Rupert Murdoch denied this week that he ever used his newspapers to push his own commercial interests. Yet the papers' political allegiance has been sought and prized by successive governments, so a close relationship - editorially and managerially - between News International and the government of the day became inevitable. Murdoch and his team might not have used the pages of his papers to directly promote his commercial interests (though Private Eye might produce evidence to the contrary), but they surely used their newspapers' influence to forge useful bonds with decision-makers. And why not? Any shrewd commercial company (or, indeed, charity or pressure group) would leverage their powerbase to do the same.

Again, there is nothing alarming in the notion that News Corp did everything it possibly could to encourage a favourable decision from the review of its bid for BSkyB. Any management team that didn't push as hard as possible to secure such a transformational deal for its company would clearly be failing in its corporate duties. So, leaving aside the despicable phone-hacking issue, this week's revelations have mostly served to show that, of course, News Corp and its News International subsidiary pursued a shrewd and aggressive path to commercial success. On that score, at least, shareholders should applaud.

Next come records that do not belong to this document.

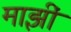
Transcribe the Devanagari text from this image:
माझीं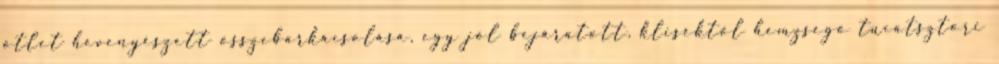
ötlet hevenyészett összebarkácsolása, egy jól bejáratott, kliséktől hemzsegő tucatsztori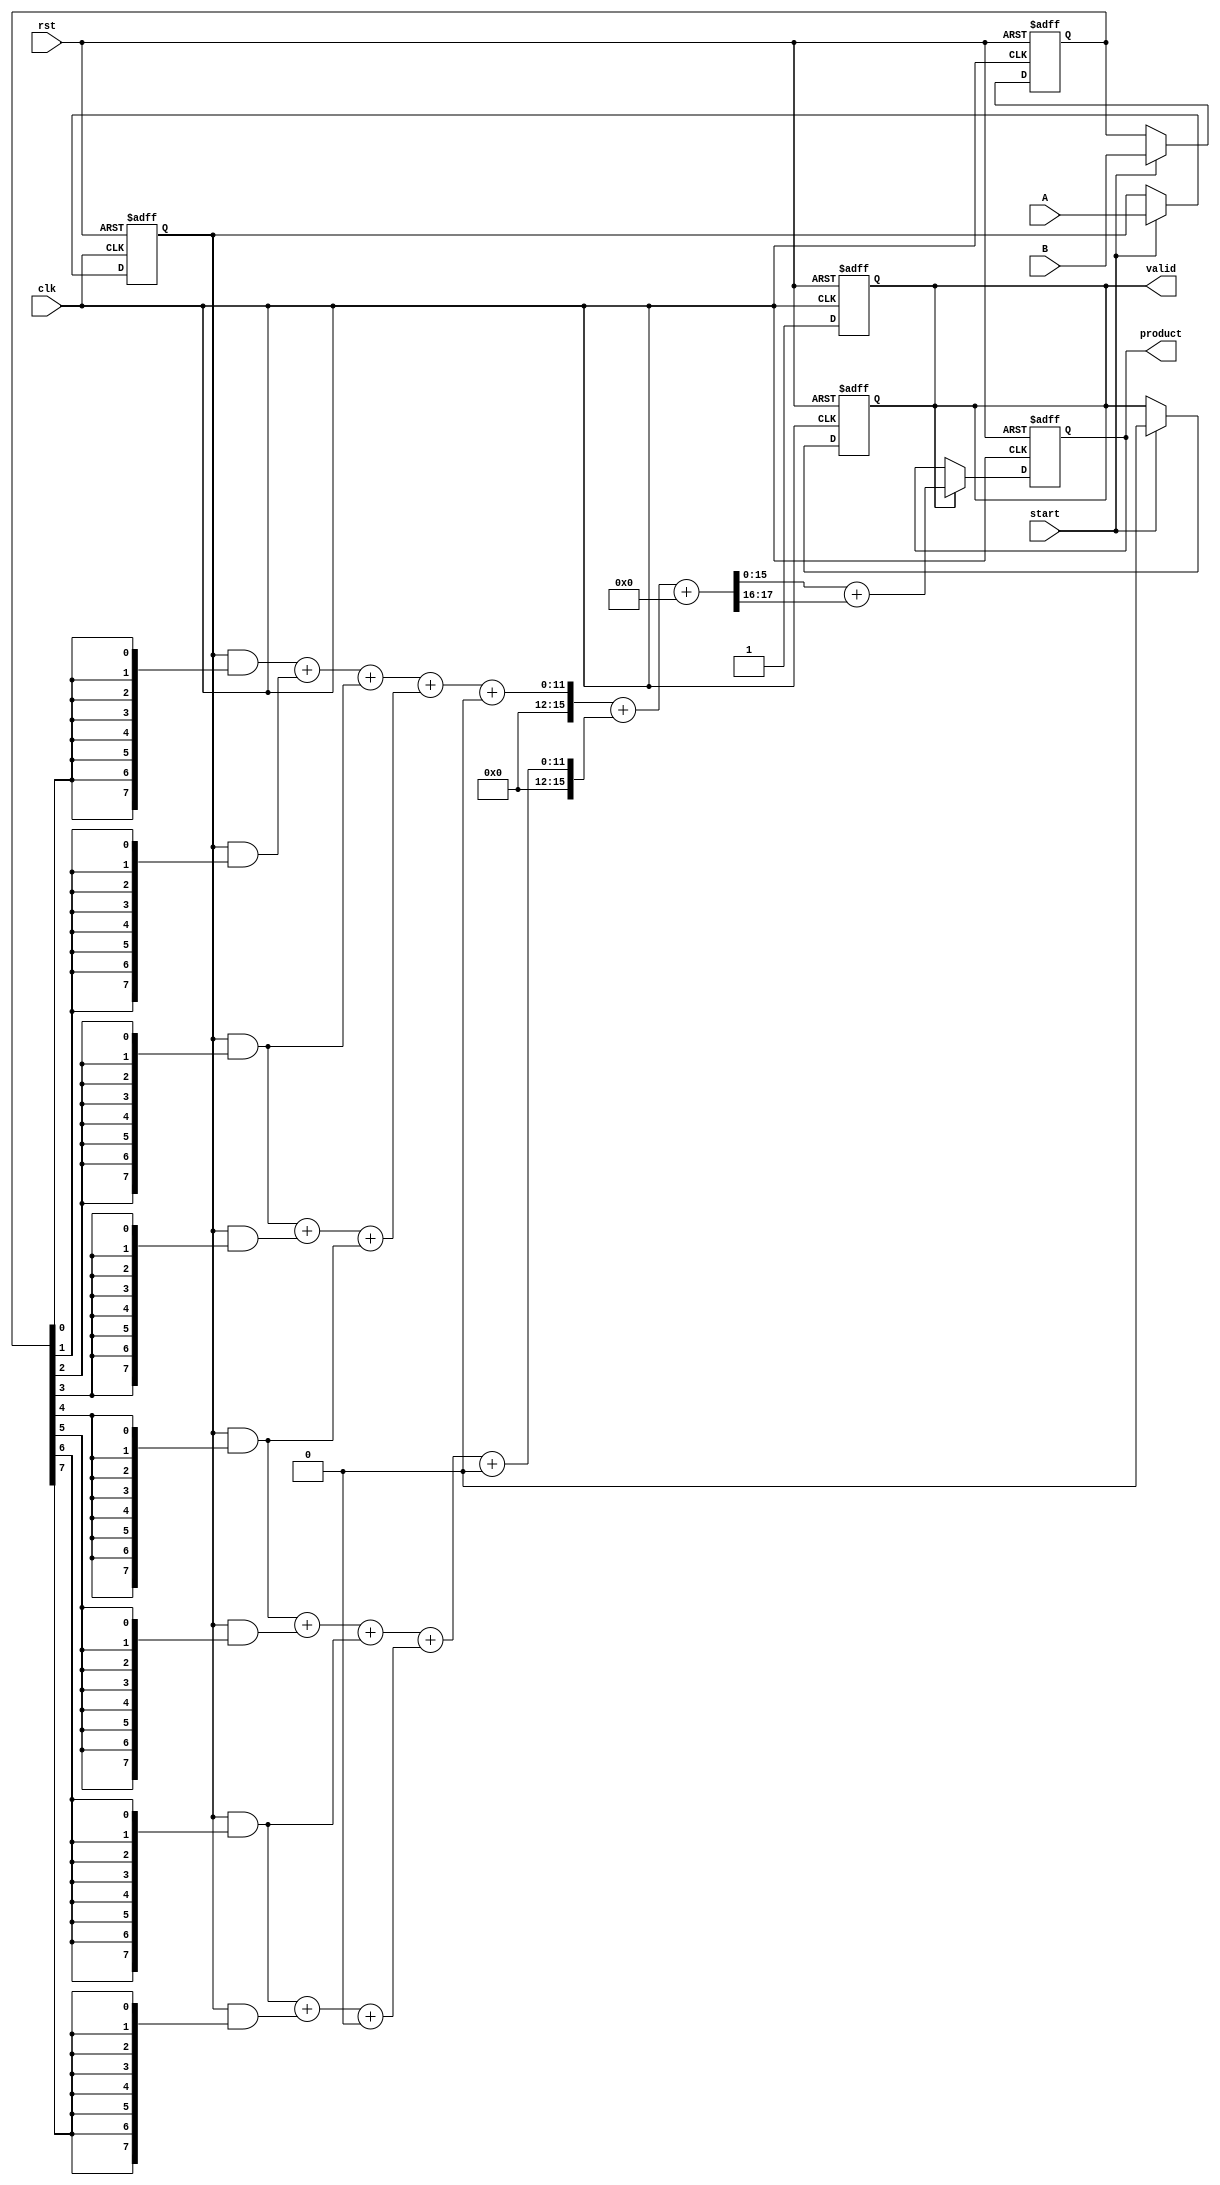
module PipelinedWallaceTreeMultiplier #(
    parameter N = 8, // Width of the operands
    parameter STAGES = 3 // Number of pipeline stages
)(
    input clk,
    input rst,
    input [N-1:0] A,
    input [N-1:0] B,
    input start,
    output reg [2*N-1:0] product,
    output reg valid
);

    // Internal signals
    reg [N-1:0] A_reg, B_reg;
    wire [N-1:0] partial_products[N-1:0];
    wire [2*N-1:0] sum_stage1[N-1:0];
    wire [2*N-1:0] carry_stage1[N-1:0];
    wire [2*N-1:0] sum_stage2[N-1:0];
    wire [2*N-1:0] carry_stage2[N-1:0];
    wire [2*N-1:0] final_sum, final_carry;

    // Input Stage
    always @(posedge clk or posedge rst) begin
        if (rst) begin
            A_reg <= 0;
            B_reg <= 0;
            valid <= 0;
        end else if (start) begin
            A_reg <= A;
            B_reg <= B;
            valid <= 0;
        end
    end

    // Partial Product Generation
    genvar i;
    generate
        for (i = 0; i < N; i = i + 1) begin : pp_gen
            assign partial_products[i] = A_reg & {N{B_reg[i]}};
        end
    endgenerate

    // Wallace Tree Reduction Stage 1
    // Combine partial products using CSAs
    generate
        for (i = 0; i < N/2; i = i + 1) begin : wallace_stage1
            // Full Adder for three inputs
            assign {carry_stage1[i], sum_stage1[i]} = partial_products[2*i] + partial_products[2*i + 1] + (i < (N/2 - 1) ? partial_products[2*i + 2] : 0);
        end
    endgenerate

    // Wallace Tree Reduction Stage 2
    generate
        for (i = 0; i < (N/4); i = i + 1) begin : wallace_stage2
            assign {carry_stage2[i], sum_stage2[i]} = sum_stage1[2*i] + sum_stage1[2*i + 1] + (i < (N/4 - 1) ? carry_stage1[2*i + 2] : 0);
        end
    endgenerate

    // Final Addition Stage
    assign {final_carry, final_sum} = sum_stage2[0] + sum_stage2[1] + carry_stage2[0];

    // Output Stage
    always @(posedge clk or posedge rst) begin
        if (rst) begin
            product <= 0;
            valid <= 0;
        end else if (valid) begin
            product <= final_sum + final_carry;
            valid <= 1;
        end else begin
            valid <= 1; // Indicate that the output is valid after one cycle
        end
    end

endmodule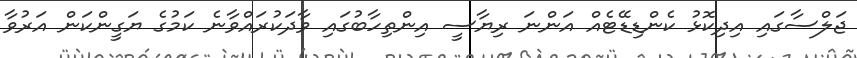
ޖަލްސާގައި އިދިކޮޅު ކެންޑިޑޭޓެއް އަންނަ ރިޔާސީ އިންތިހާބުގައި ވާދަކުރައްވާނެ ކަމުގެ ޔަގީންކަން އަރުވާ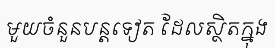
មួយចំនួនបន្តទៀត ដែលស្ថិតក្នុង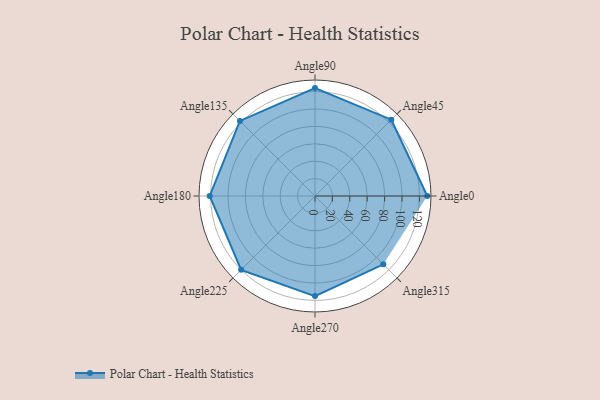
{"axis": {"x": "Angle", "y": "Radius"}, "legend": [""], "data": [{"x": "Angle0", "y": 129.0, "type": ""}, {"x": "Angle45", "y": 124.0, "type": ""}, {"x": "Angle90", "y": 124.0, "type": ""}, {"x": "Angle135", "y": 122.0, "type": ""}, {"x": "Angle180", "y": 121.0, "type": ""}, {"x": "Angle225", "y": 120.0, "type": ""}, {"x": "Angle270", "y": 115.0, "type": ""}, {"x": "Angle315", "y": 111.0, "type": ""}]}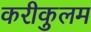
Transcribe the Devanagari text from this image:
करीकुलम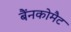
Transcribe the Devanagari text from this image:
बैंनकोमैट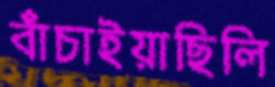
বাঁচাইয়াছিলি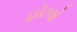
હૉટલો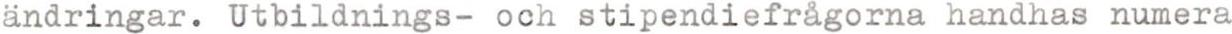
ändringar. Utbildnings- och stipendiefrågorna handhas numera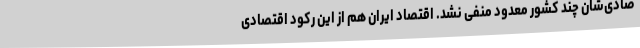
صادی‌شان چند کشور معدود منفی نشد. اقتصاد ایران هم از این رکود اقتصادی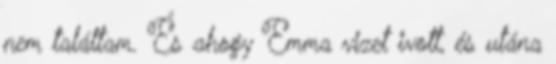
nem találtam. És ahogy Emma vizet ivott, és utána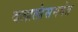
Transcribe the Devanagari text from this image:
दलालांसमवेत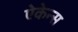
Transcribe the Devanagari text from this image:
ऐकेन्स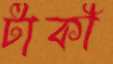
টাকী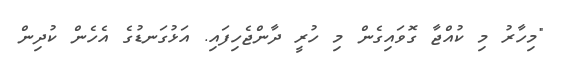
"މިހާރު މި ކުއްޖާ ގޮވައިގެން މި ހުރީ ދާންޖެހިފައި. އަޅުގަނޑުގެ އެހެން ކުދިން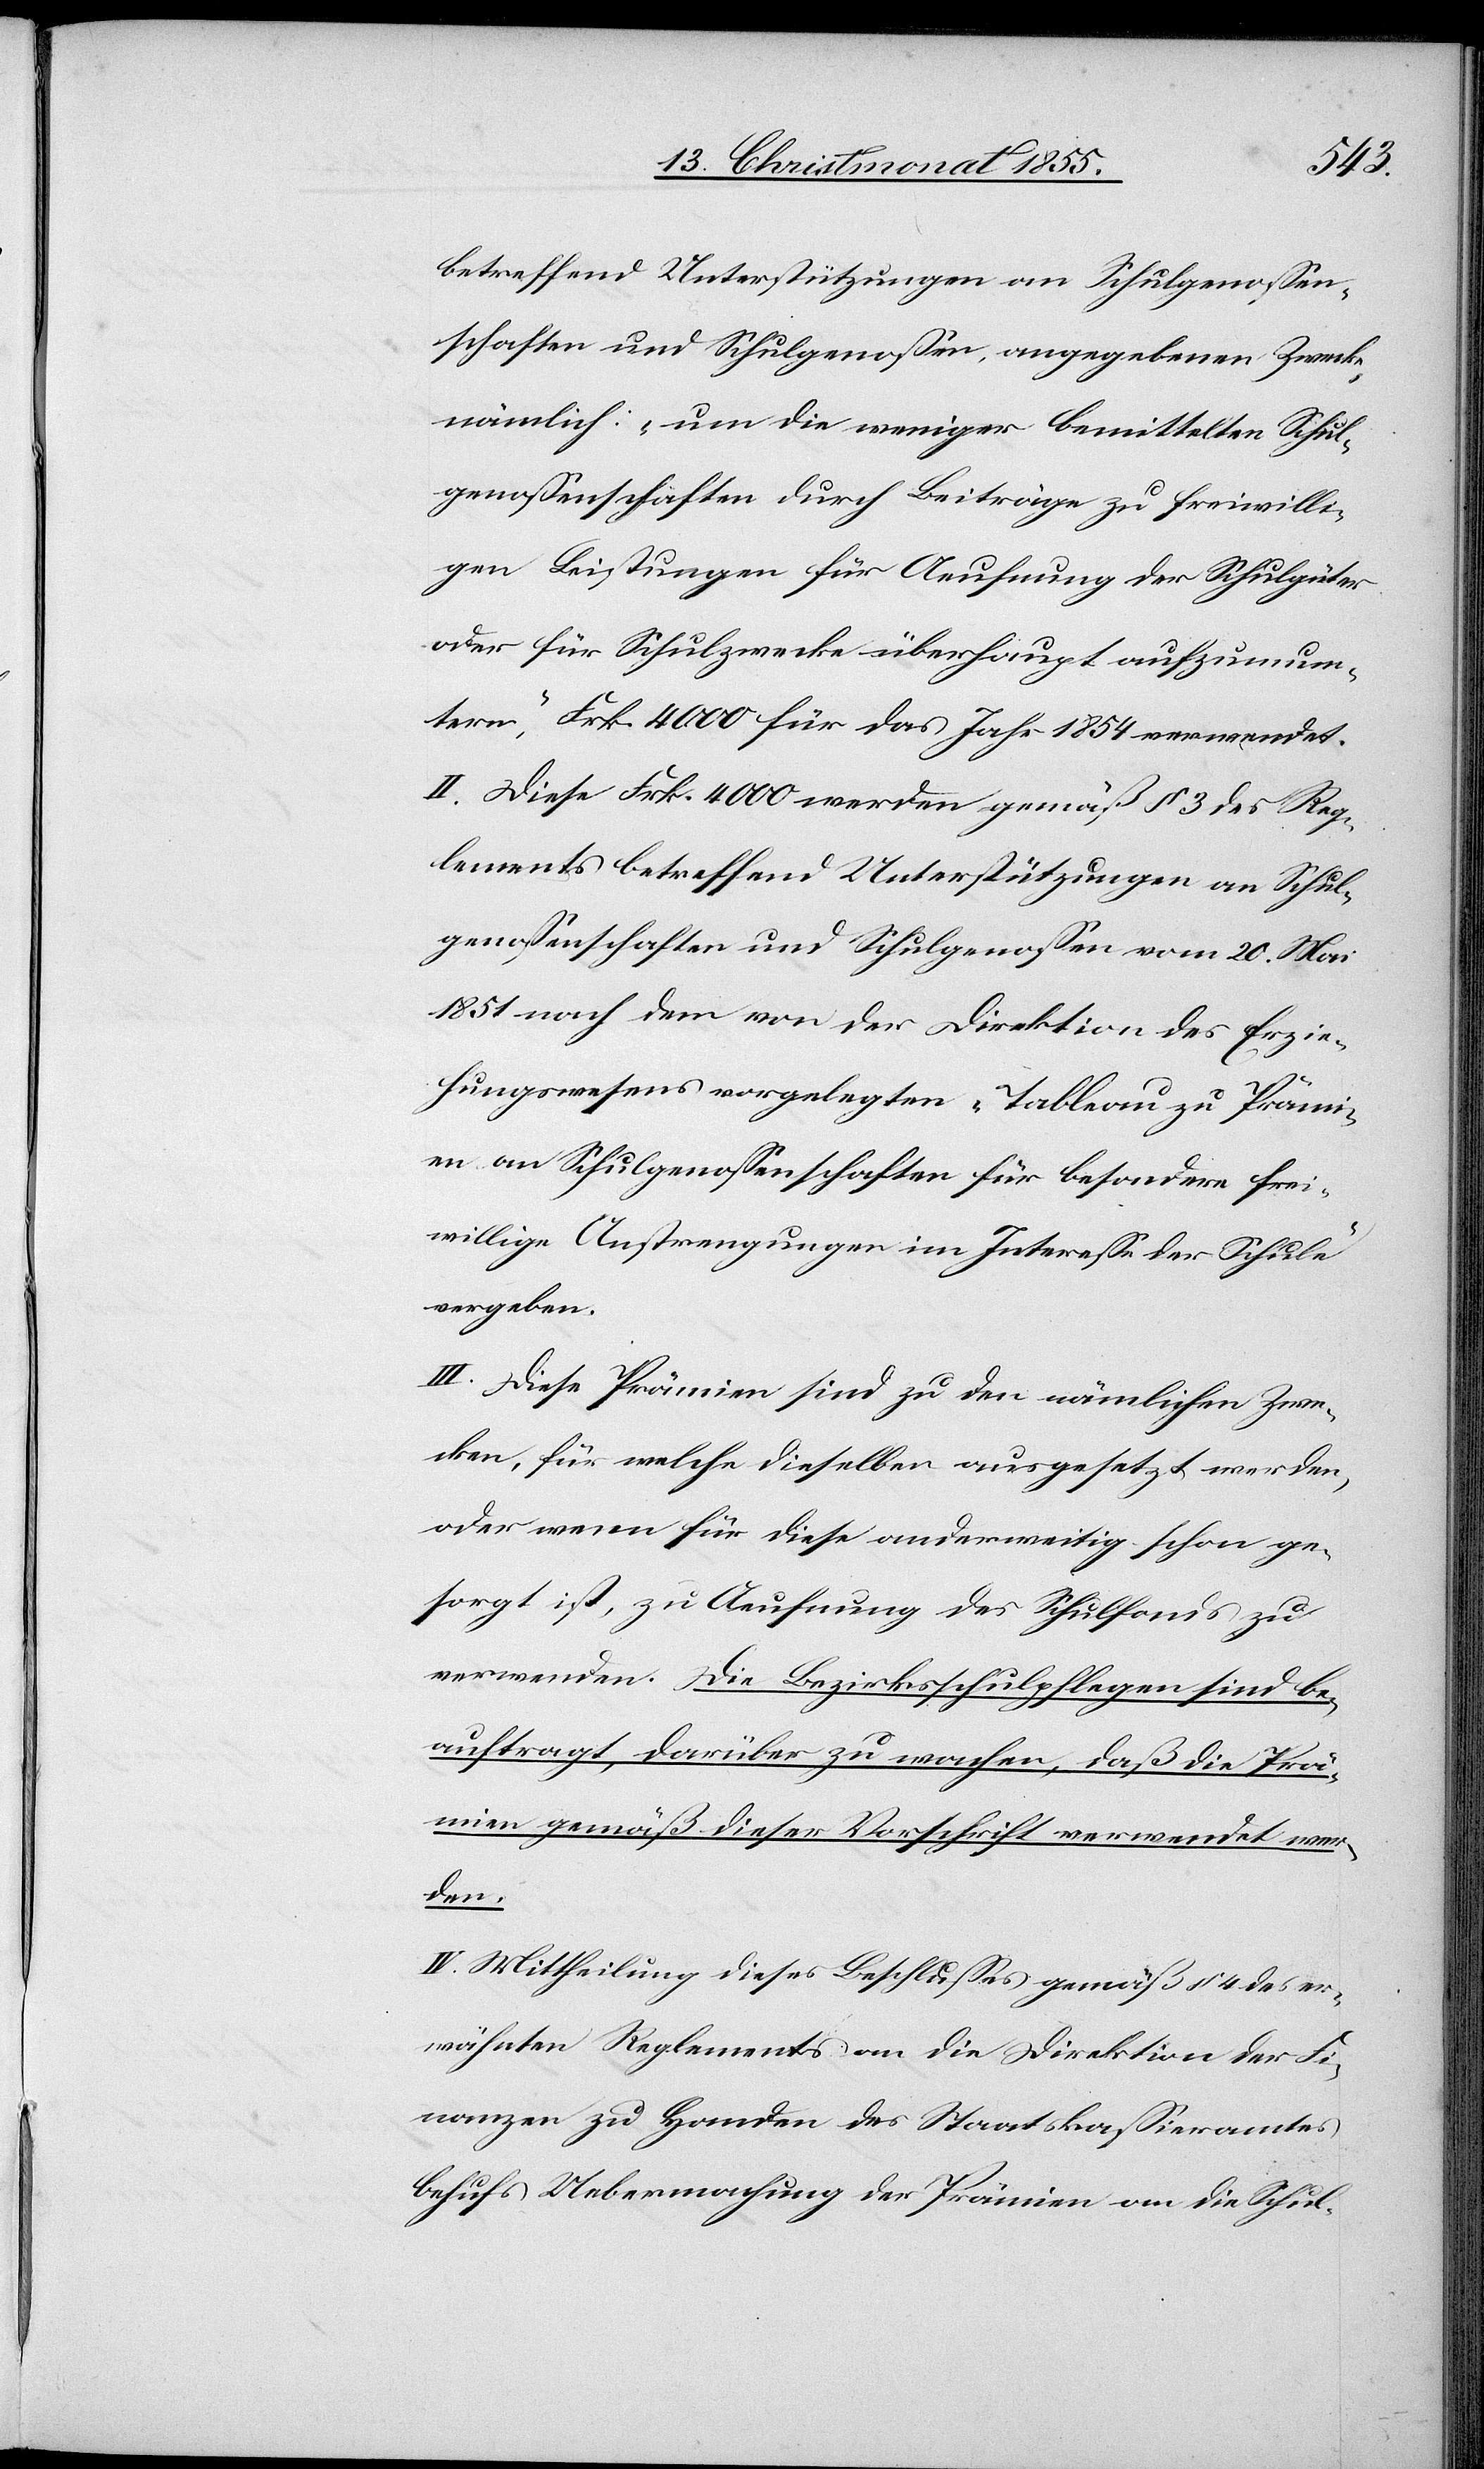
betreffend Unterstützungen an Schulgenossen¬
schaften und Schulgenossen, angegebenen Zwecke,
nämlich: „um die weniger bemittelten Schul¬
genossenschaften durch Beiträge zu freiwilli¬
gen Leistungen für Aeufnung der Schulgüter
oder für Schulzwecke überhaupt aufzumun¬
tern,“ Frk. 4000 für das Jahr 1854 verwendet.
II. Diese Frk. 4000 werden gemäß § 3 des Reg¬
lements betreffend Unterstützungen an Schul¬
genossenschaften und Schulgenossen vom 20. Mai
1851 nach dem von der Direktion des Erzie¬
hungswesens vorgelegten „Tableau zu Prämi¬
en an Schulgenossenschaften für besondere frei¬
willige Anstrengungen im Interesse der Schule“
vergeben.
III. Diese Prämien sind zu den nämlichen Zwe¬
cken, für welche dieselben ausgesetzt werden,
oder wenn für diese anderweitig schon ge¬
sorgt ist, zu Aeufnung des Schulfonds zu
verwenden. Die Bezirksschulpflegen sind be¬
auftragt, darüber zu wachen, daß die Prä¬
mien gemäß dieser Vorschrift verwendet wer¬
den.
IV. Mittheilung dieses Beschlusses gemäß § 4 des er¬
wähnten Reglements an die Direktion der Fi¬
nanzen zu Handen des Staatskassieramtes
behufs Uebermachung der Prämien an die Schul-

But whatever the truth about the Culture Secretary Jeremy Hunt's approach to his quasi-judicial responsibilities in considering News Corp's stalking of BSkyB, the Murdoch faction seems to have been allowed more access and insight than is ethically right. That this should happen at a time when other, more vulnerable media continue to wither before our eyes, too often hampered by unworkable (analogue) media ownership rules that prohibit effective consolidation elsewhere in the (digital) media market, is unacceptable. Successive governments have failed to properly manage and protect media plurality, and diversity - particularly at a regional level - has suffered as a consequence.

If the Leveson inquiry achieves anything beyond ensuring that no-one suffers such invasions of privacy as the phone-hacking scandal has laid bare, let's hope it's to force a rethink of media ownership and media power ... while we've still got a rich media landscape worth protecting.